PROBLEM DETAILS => All lines below starting at the one that holds "The image shows 34" and ending at the one that holds "Left-aligned paragraph, ragged" should be printed exactly, ends included. Pictures should not be printed, nor anything else.

MATERIAL SUPPLIED =>

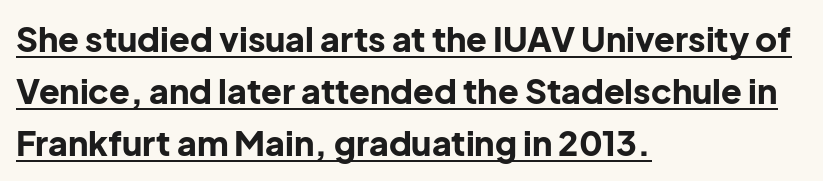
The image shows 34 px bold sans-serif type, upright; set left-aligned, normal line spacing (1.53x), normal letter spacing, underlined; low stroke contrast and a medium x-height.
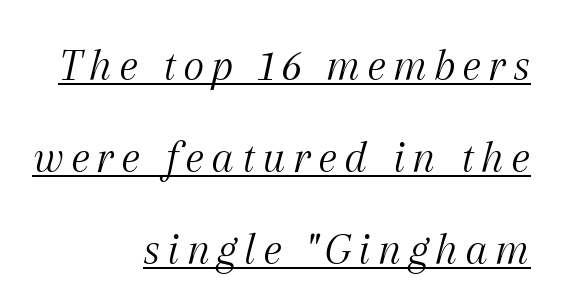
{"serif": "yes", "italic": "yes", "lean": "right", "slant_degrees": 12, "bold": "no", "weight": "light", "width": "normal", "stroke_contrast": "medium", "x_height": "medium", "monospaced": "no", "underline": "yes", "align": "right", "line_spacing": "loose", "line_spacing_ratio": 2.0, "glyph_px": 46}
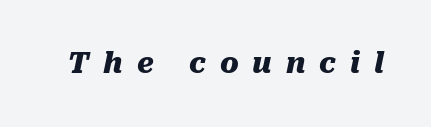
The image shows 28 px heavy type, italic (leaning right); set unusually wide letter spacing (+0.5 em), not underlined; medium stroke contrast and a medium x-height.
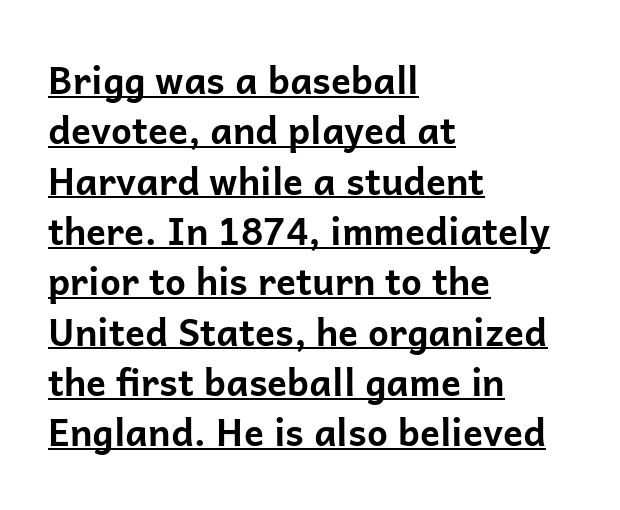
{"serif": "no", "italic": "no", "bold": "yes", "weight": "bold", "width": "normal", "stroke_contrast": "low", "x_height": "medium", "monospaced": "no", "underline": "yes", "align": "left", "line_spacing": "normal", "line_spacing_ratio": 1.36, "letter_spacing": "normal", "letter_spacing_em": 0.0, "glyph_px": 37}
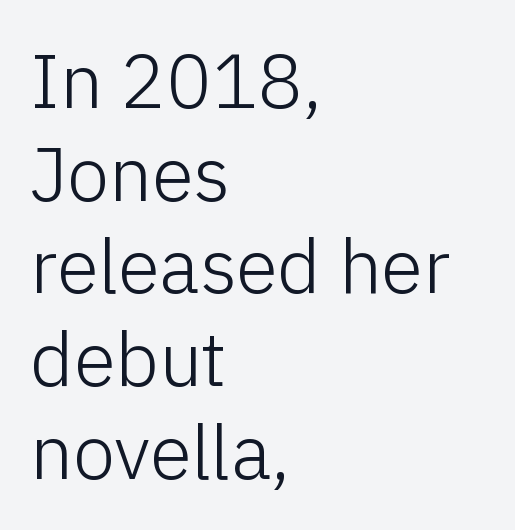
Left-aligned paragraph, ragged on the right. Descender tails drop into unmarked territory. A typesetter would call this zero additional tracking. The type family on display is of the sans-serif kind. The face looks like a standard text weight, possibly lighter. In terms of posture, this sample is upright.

==

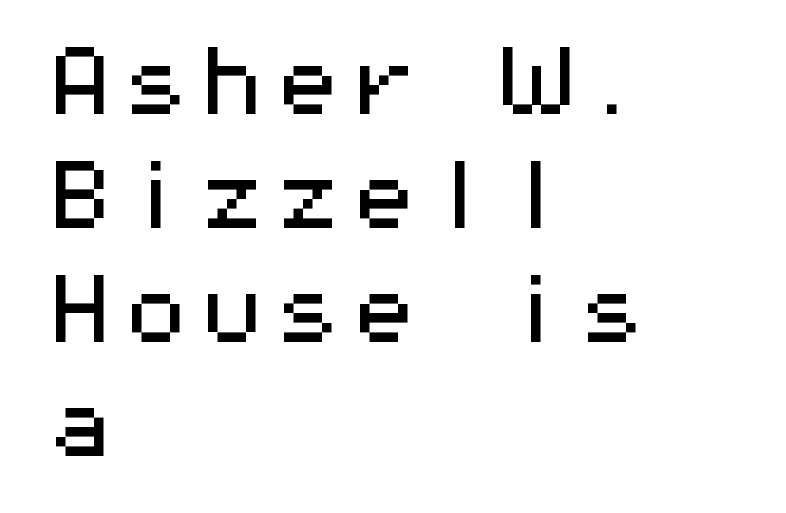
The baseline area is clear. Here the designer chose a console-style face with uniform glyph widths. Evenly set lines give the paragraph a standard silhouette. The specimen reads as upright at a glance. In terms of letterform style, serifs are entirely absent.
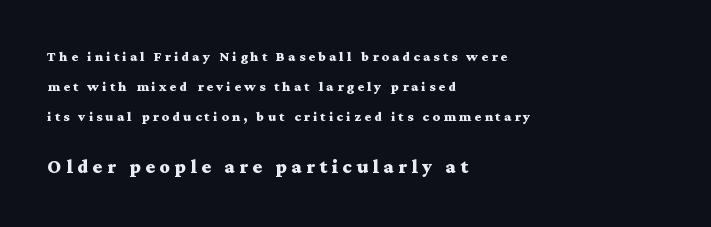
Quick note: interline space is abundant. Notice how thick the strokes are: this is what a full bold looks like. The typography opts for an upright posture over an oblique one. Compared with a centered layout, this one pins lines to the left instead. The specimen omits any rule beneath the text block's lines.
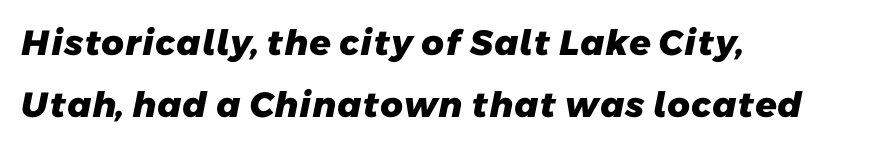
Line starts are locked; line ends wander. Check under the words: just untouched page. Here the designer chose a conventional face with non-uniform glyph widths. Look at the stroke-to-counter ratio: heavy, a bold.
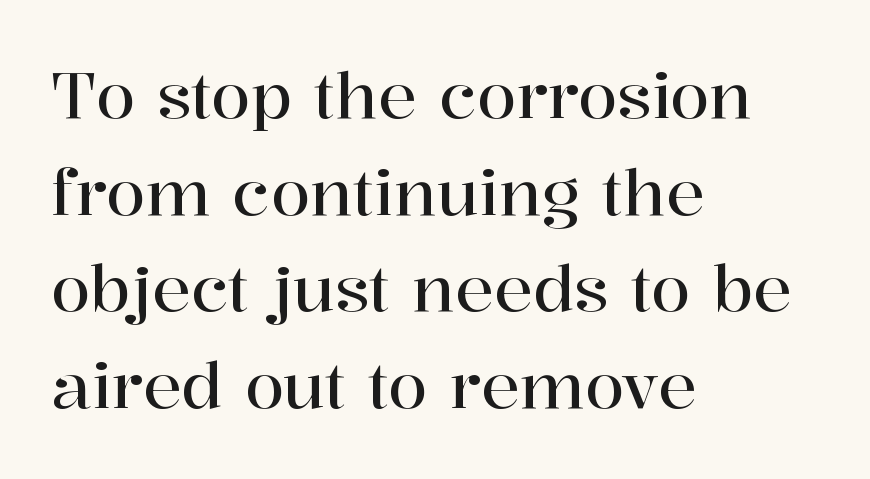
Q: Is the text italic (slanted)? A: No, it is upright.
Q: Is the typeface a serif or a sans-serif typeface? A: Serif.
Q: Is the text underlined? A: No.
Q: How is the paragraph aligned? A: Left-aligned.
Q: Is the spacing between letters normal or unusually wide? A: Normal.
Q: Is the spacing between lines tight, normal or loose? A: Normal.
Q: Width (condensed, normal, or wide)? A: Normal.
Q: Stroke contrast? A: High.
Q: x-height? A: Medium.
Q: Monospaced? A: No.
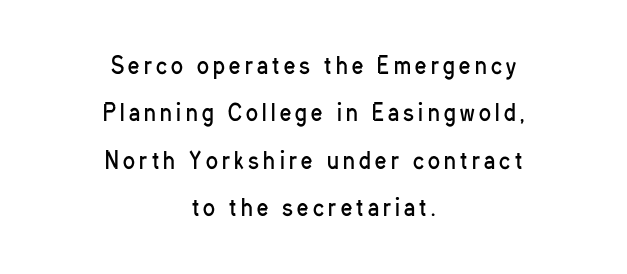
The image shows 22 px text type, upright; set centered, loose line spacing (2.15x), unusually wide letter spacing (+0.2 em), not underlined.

--

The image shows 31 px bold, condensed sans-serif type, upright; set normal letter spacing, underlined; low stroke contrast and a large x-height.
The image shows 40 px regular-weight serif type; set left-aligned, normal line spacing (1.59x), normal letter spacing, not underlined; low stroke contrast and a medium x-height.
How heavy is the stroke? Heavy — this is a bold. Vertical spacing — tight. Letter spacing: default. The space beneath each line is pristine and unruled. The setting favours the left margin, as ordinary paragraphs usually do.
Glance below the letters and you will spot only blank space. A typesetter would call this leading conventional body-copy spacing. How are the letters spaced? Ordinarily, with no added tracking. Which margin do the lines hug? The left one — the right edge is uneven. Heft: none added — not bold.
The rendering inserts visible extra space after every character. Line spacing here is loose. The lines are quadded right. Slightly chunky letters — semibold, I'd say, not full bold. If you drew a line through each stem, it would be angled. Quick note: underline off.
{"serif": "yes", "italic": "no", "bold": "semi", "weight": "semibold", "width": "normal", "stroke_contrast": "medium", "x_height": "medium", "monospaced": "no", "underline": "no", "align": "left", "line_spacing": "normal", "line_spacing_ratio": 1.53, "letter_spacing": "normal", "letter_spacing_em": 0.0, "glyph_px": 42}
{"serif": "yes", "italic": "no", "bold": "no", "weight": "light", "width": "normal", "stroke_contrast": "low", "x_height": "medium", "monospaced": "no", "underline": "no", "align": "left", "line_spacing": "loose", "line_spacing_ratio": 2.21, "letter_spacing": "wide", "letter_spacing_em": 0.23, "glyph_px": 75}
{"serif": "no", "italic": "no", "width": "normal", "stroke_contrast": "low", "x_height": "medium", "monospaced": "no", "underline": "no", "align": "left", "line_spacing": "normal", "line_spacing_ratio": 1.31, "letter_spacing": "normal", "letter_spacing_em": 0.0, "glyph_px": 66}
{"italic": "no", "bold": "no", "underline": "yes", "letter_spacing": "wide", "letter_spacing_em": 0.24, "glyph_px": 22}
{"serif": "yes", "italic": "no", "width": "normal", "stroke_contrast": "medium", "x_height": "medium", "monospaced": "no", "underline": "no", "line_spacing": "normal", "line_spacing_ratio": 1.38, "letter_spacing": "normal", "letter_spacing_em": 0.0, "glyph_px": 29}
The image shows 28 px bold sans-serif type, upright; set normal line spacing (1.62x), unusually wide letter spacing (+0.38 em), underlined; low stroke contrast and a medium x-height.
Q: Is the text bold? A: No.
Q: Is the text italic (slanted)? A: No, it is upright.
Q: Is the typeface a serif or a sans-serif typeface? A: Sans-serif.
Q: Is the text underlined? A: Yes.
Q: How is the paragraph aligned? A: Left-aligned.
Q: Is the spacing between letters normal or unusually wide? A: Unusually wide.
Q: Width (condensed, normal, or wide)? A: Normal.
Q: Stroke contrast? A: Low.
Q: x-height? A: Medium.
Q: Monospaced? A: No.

WRITTEN SOLUTION =>
The image shows 34 px bold sans-serif type, upright; set left-aligned, normal line spacing (1.53x), normal letter spacing, underlined; low stroke contrast and a medium x-height.
{"serif": "yes", "italic": "yes", "lean": "right", "slant_degrees": 12, "bold": "no", "weight": "light", "width": "normal", "stroke_contrast": "medium", "x_height": "medium", "monospaced": "no", "underline": "yes", "align": "right", "line_spacing": "loose", "line_spacing_ratio": 2.0, "glyph_px": 46}
The image shows 28 px heavy type, italic (leaning right); set unusually wide letter spacing (+0.5 em), not underlined; medium stroke contrast and a medium x-height.
{"serif": "no", "italic": "no", "bold": "yes", "weight": "bold", "width": "normal", "stroke_contrast": "low", "x_height": "medium", "monospaced": "no", "underline": "yes", "align": "left", "line_spacing": "normal", "line_spacing_ratio": 1.36, "letter_spacing": "normal", "letter_spacing_em": 0.0, "glyph_px": 37}
Left-aligned paragraph, ragged on the right. Descender tails drop into unmarked territory. A typesetter would call this zero additional tracking. The type family on display is of the sans-serif kind. The face looks like a standard text weight, possibly lighter. In terms of posture, this sample is upright.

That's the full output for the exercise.